The morphology and optoelectronic properties of wide-bandgap halide perovskites have profound influence on the performance of tandem solar cells in which these materials hold a great potential to push the efficiency beyond the maximum in single junction devices. Typically, alkali metals such as Cs⁺ are employed to overcome photo-instability in mixed-halide hybrid perovskites. However, while using the popular CsI in precursor solutions, small grain size (~250 nm) along with high densities of grain boundaries and their associated trap states are usually observed in polycrystalline films, leading to low photovoltaic performance. Here, we develop a non-stoichiometric one-step solution casting method to prepare wide-bandgap Cs_XMA_1-XPb(I_0·6Br_0.4)₃ films with reduced grain boundaries and high crystallinity using CsCl which plays a double role of Cs ⁺ source and crystallization controller. The resulting films exhibit improved carrier lifetime and mobility, and reduced carrier trap states. Elemental analysis revealed that some Cl ions remains in the final films, passivating the defect states. All these benefits led to high open circuit voltages and improved the power conversion efficiency (PCE) of Cs_0.1MA_0.9Pb(I_0·6Br_0.4)₃ perovskite solar cells from 13.20% to 15.16%. Moreover, the developed method is also found to enhance the hydrophobicity and moisture resistance of Cs_XMA_1-XPb(I_0·6Br_0.4)₃ films, which enabled the improvement in the device ambient stability.
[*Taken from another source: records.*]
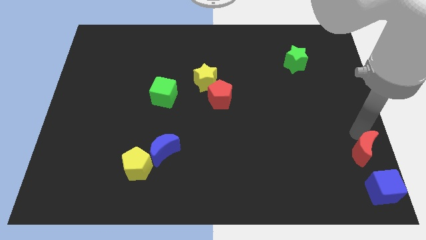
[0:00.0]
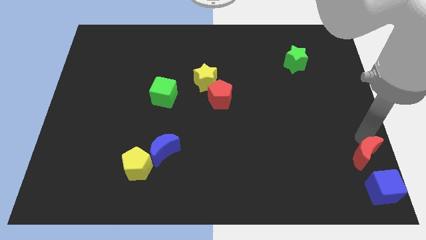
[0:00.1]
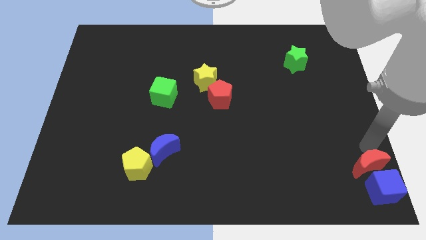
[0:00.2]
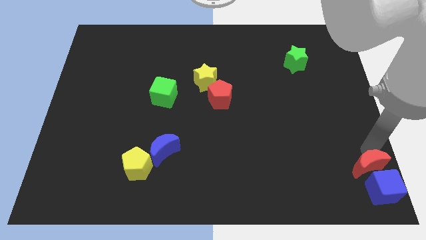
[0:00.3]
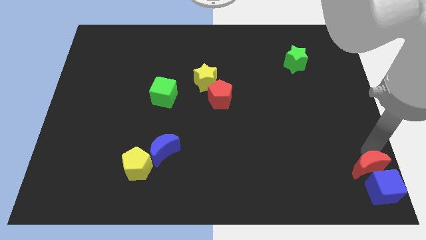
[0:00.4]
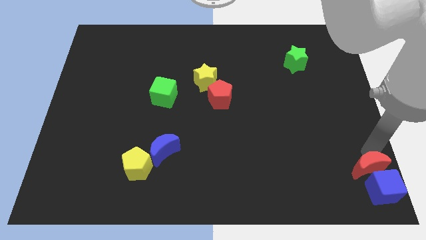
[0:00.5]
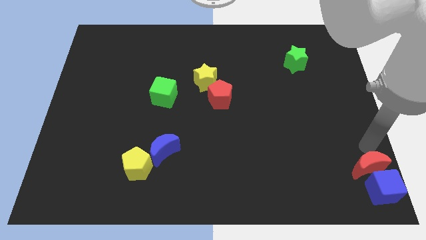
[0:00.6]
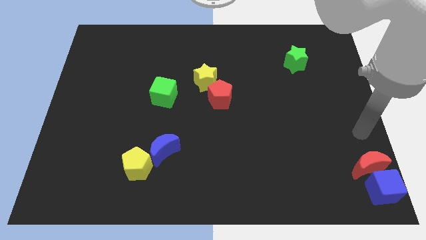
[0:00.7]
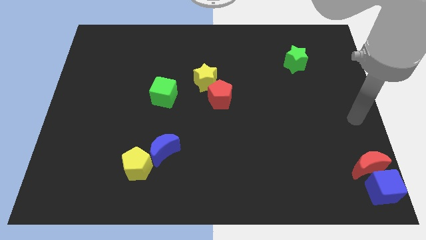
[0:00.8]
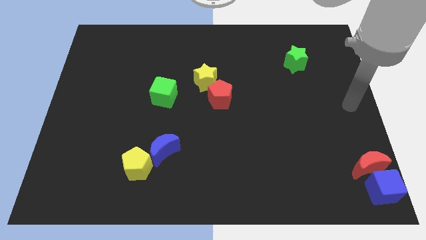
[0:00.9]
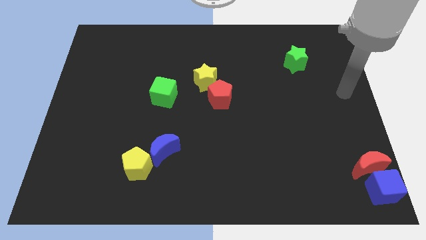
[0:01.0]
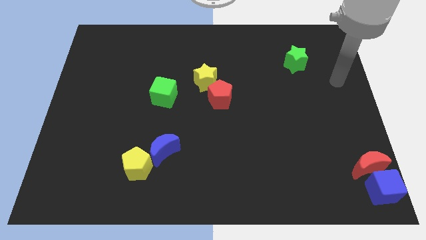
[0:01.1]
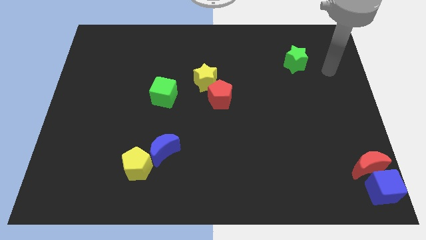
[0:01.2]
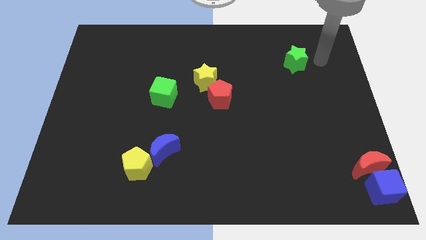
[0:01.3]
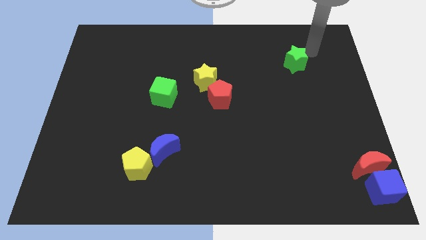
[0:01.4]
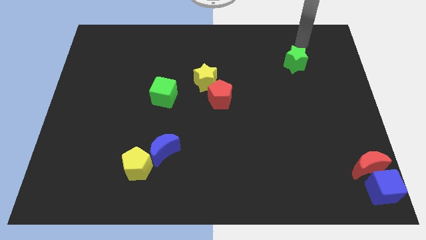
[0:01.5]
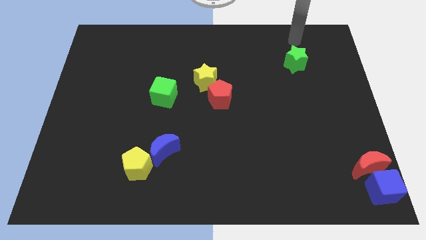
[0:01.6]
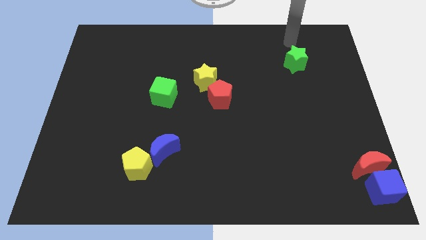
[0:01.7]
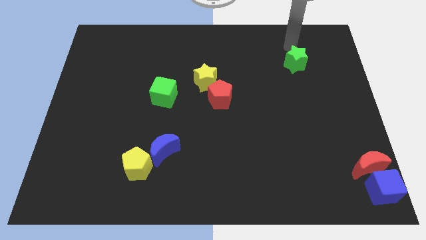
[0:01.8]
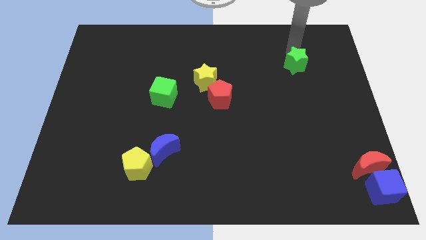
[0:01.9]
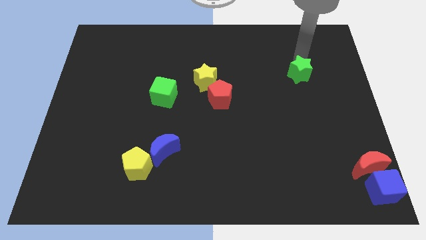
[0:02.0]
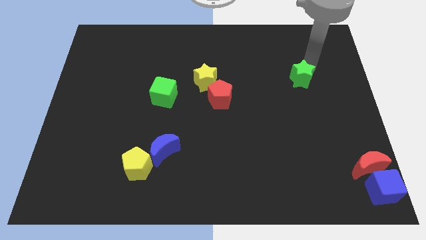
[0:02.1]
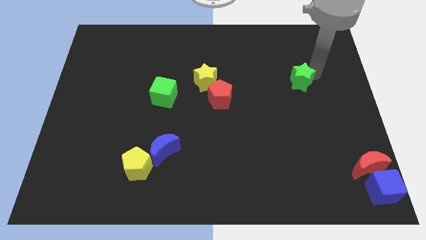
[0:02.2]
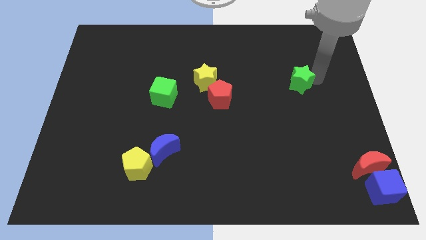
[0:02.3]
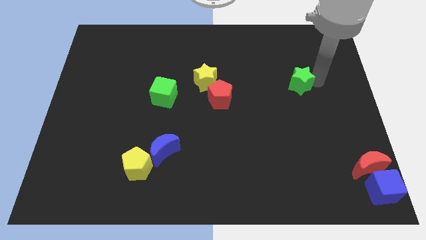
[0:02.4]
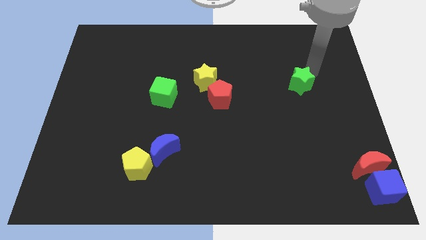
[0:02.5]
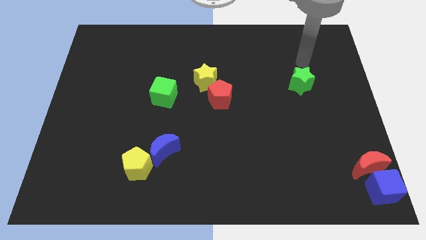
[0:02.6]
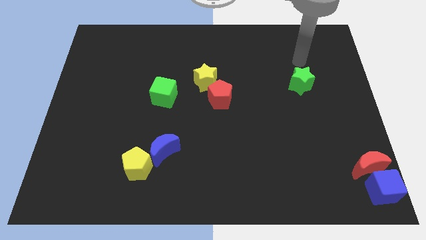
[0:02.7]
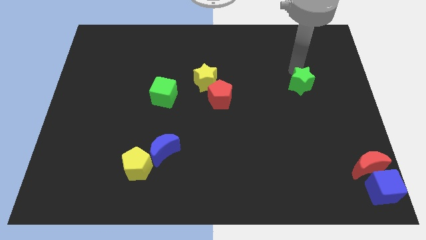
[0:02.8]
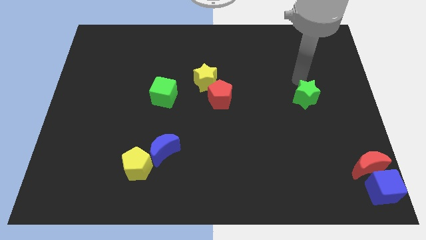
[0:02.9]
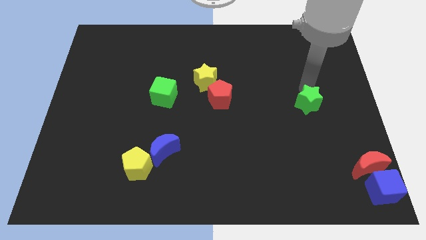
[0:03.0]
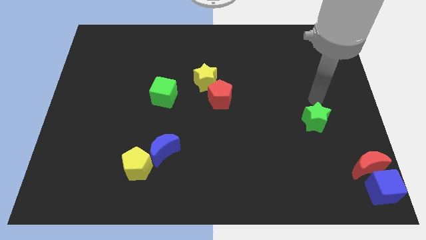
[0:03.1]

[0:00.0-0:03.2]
push the green star downwards

宽带隙卤化物钙钛矿的形态和光电特性对串联太阳能电池的性能有着深远的影响，这些材料在单结器件中具有将效率推高至最大值的巨大潜力。通常，使用 Cs ⁺等碱金属来克服混合卤化物杂化钙钛矿中的光不稳定性。然而，在前驱体溶液中使用流行的 CsI 时，通常在多晶薄膜中观察到小晶粒尺寸（~250 nm）以及高密度的晶界及其相关的陷阱状态，导致光伏性能低下。在这里，我们开发了一种非化学计量的一步溶液铸造方法来制备宽带隙 Cs _X MA _1-X Pb(I _{0 ·6} Br _0.4 ) ₃薄膜具有减少的晶界和高结晶度，使用CsCl，它起到Cs  ⁺ 源和结晶控制器的双重作用。所得薄膜表现出改善的载流子寿命和迁移率，以及减少的载流子陷阱状态。元素分析表明，一些 Cl 离子保留在最终薄膜中，从而钝化了缺陷状态。所有这些好处导致了高开路电压并提高了 Cs _0.1 MA _0.9 Pb(I _{0 · 6} Br _0.4 ) _{3的功率转换效率 (PCE)}钙钛矿太阳能电池从 13.20% 提高到 15.16%。_{此外，还发现所开发的方法提高了Cs X} MA _1-X Pb(I _{0 · 6} Br _0.4 ) ₃薄膜的疏水性和耐湿性，从而提高了器件的环境稳定性。